Debugging Jenkins jobs with a debugger

When a Jenkins job is failing, but you cannot reproduce the problem on your local machine (e.g. when it is a platform-specific bug), all is not lost. You can still use the attach-to-running-program strategy described above, but it is slightly more involved.

First of all, disable the Jenkins job. Really, you do not want Jenkins to interfere with your tests, or worse, your tests to interfere with Jenkins.

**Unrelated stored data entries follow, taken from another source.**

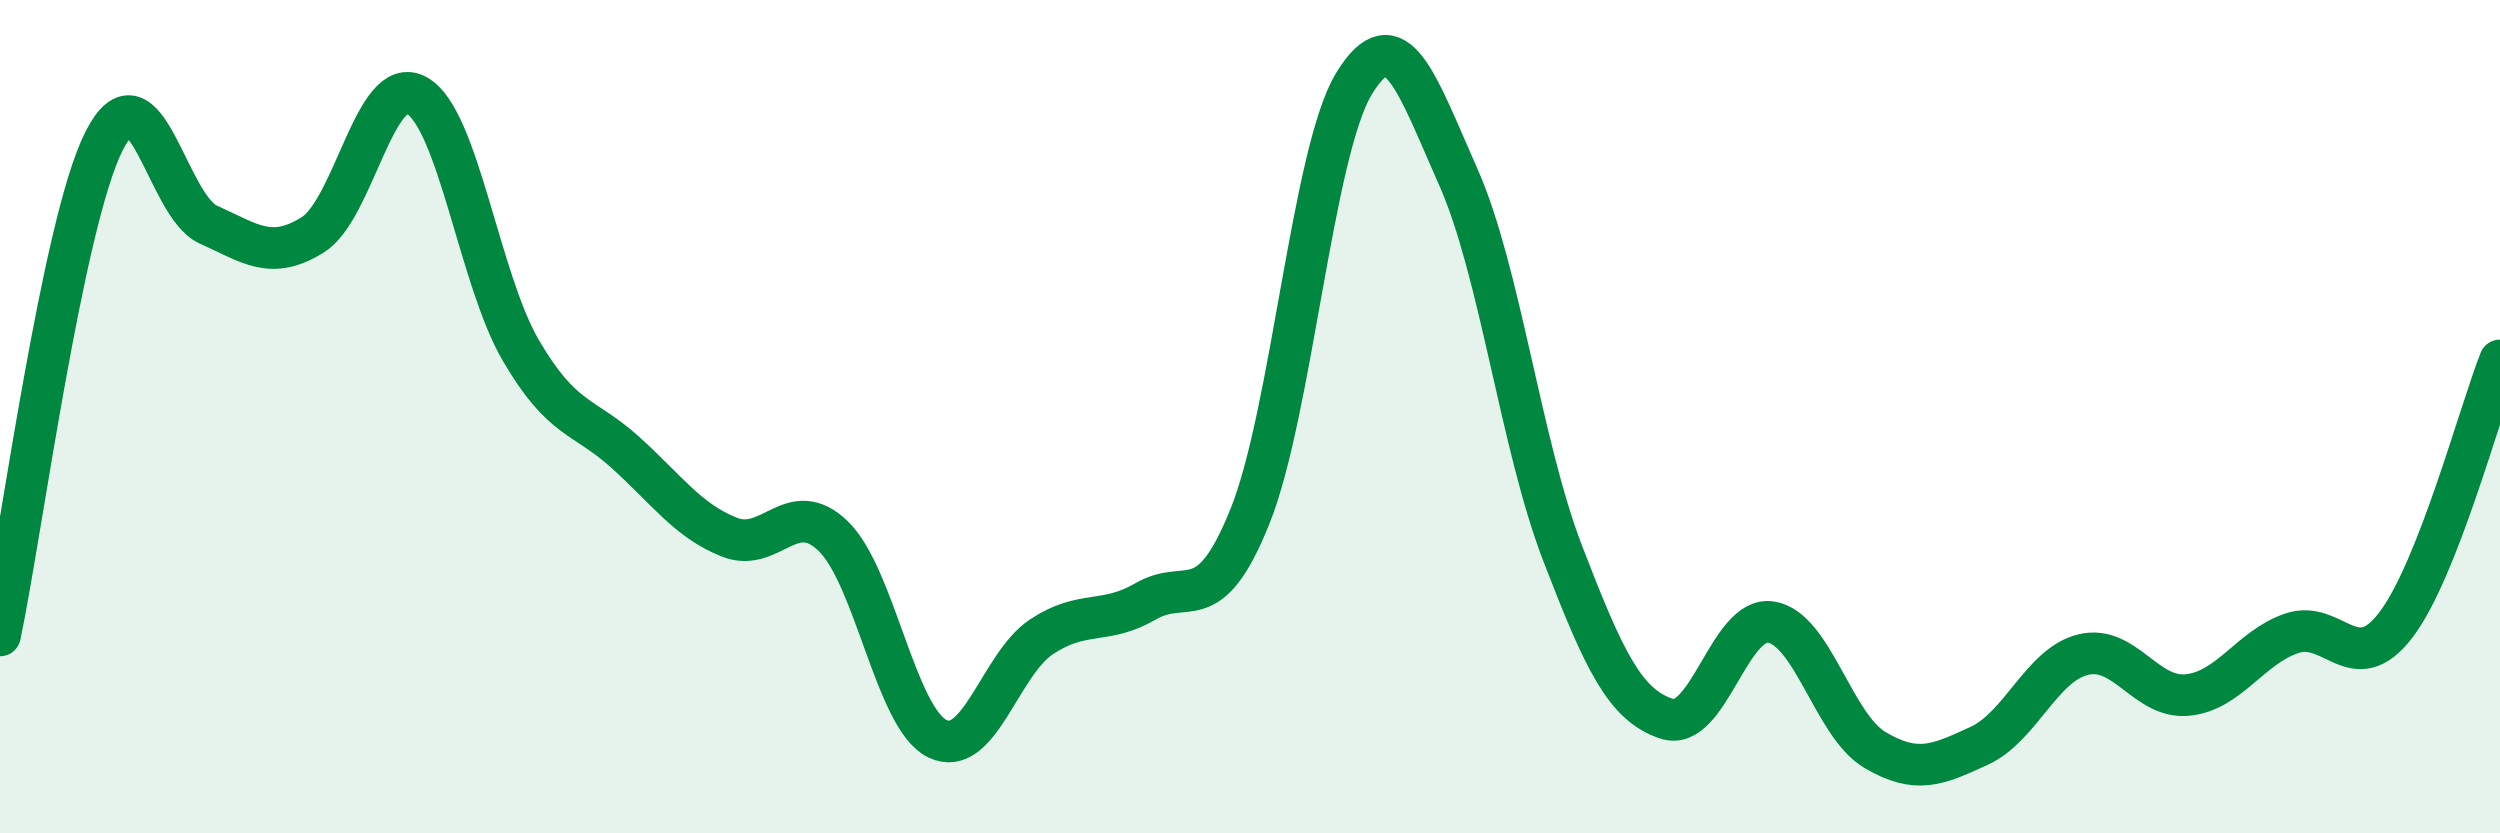 
    <svg width="60" height="20" viewBox="0 0 60 20" xmlns="http://www.w3.org/2000/svg">
      <path
        d="M 0,15.25 C 0.5,12.88 1.5,5.35 2.5,3.38 C 3.5,1.41 4,4.94 5,5.39 C 6,5.84 6.5,6.26 7.5,5.64 C 8.5,5.02 9,1.74 10,2.29 C 11,2.84 11.5,6.7 12.5,8.41 C 13.5,10.12 14,9.95 15,10.85 C 16,11.75 16.5,12.49 17.5,12.89 C 18.5,13.29 19,11.9 20,12.87 C 21,13.84 21.5,17.25 22.5,17.73 C 23.5,18.21 24,15.94 25,15.28 C 26,14.62 26.5,15.01 27.5,14.43 C 28.5,13.85 29,14.88 30,12.39 C 31,9.9 31.5,3.63 32.5,2 C 33.5,0.37 34,2 35,4.25 C 36,6.5 36.5,10.67 37.5,13.27 C 38.5,15.87 39,16.92 40,17.25 C 41,17.58 41.5,14.78 42.5,14.93 C 43.5,15.08 44,17.41 45,18 C 46,18.59 46.5,18.36 47.5,17.9 C 48.5,17.44 49,15.95 50,15.71 C 51,15.47 51.5,16.78 52.5,16.68 C 53.5,16.58 54,15.54 55,15.2 C 56,14.86 56.5,16.31 57.5,15 C 58.5,13.69 59.5,9.92 60,8.65L60 20L0 20Z"
        fill="#008740"
        opacity="0.1"
        stroke-linecap="round"
        stroke-linejoin="round"
      />
      <path
        d="M 0,15.25 C 0.5,12.88 1.5,5.35 2.5,3.38 C 3.5,1.41 4,4.94 5,5.39 C 6,5.84 6.5,6.26 7.5,5.64 C 8.5,5.02 9,1.74 10,2.29 C 11,2.84 11.5,6.7 12.5,8.41 C 13.5,10.12 14,9.95 15,10.85 C 16,11.75 16.5,12.49 17.5,12.89 C 18.5,13.29 19,11.9 20,12.87 C 21,13.84 21.5,17.25 22.5,17.73 C 23.5,18.21 24,15.94 25,15.28 C 26,14.62 26.5,15.01 27.5,14.43 C 28.5,13.85 29,14.88 30,12.39 C 31,9.9 31.5,3.63 32.5,2 C 33.5,0.37 34,2 35,4.25 C 36,6.5 36.5,10.67 37.5,13.27 C 38.5,15.87 39,16.92 40,17.25 C 41,17.58 41.5,14.78 42.5,14.93 C 43.5,15.08 44,17.41 45,18 C 46,18.59 46.5,18.36 47.5,17.9 C 48.5,17.44 49,15.95 50,15.71 C 51,15.47 51.5,16.78 52.5,16.68 C 53.5,16.58 54,15.54 55,15.2 C 56,14.86 56.5,16.31 57.5,15 C 58.5,13.69 59.5,9.92 60,8.65"
        stroke="#008740"
        stroke-width="1"
        fill="none"
        stroke-linecap="round"
        stroke-linejoin="round"
      />
    </svg>

Open an SSH tunnel (because you are unlikely to have direct access to the TCP ports of the Jenkins node): log into the Jenkins node via:

ssh -L 8000:127.0.0.1:8000 &lt;jenkins-node&gt;

This will ask ssh to listen on port 8000, and once the debugger connects to it, forward the connection to the remote side’s 127.0.0.1 (localhost) port 8000. Now you can use the strategy described above for attaching to Maven while it runs unit tests.

If you cannot access the Jenkins node via ssh, all is not lost, as long as you can connect somehow (e.g. VNC, remote desktop) and call

ssh -R 8000:127.0.0.1:8000 &lt;your-development-machine&gt;

on the Jenkins node. If your development machine cannot be accessed from the Jenkins node via ssh, you can still tunnel by using a publicly accessible SSH server in the middle.

Preventing future problems

It is human nature to assume that others’ shortcomings do not apply to oneself. However, experience shows that there are no exceptions when it comes to reliving Maurice Wilkes’ story of realizing that more time is spent on figuring out causes and fixes to problems than is spent on introducing said problems.

To that end, it is a remarkably clever idea to introduce regression tests, i.e. small pieces of code that verify that certain functionality of the software works as expected (see also Unit Testing (JUnit) in Developing Software @ LOCI).

It is also a remarkably clever idea to introduce regression tests just after fixing bugs. After all, whenever a bug was found by a user, and had to be diagnosed and fixed by a developer, it demonstrates an obvious lack of regression tests.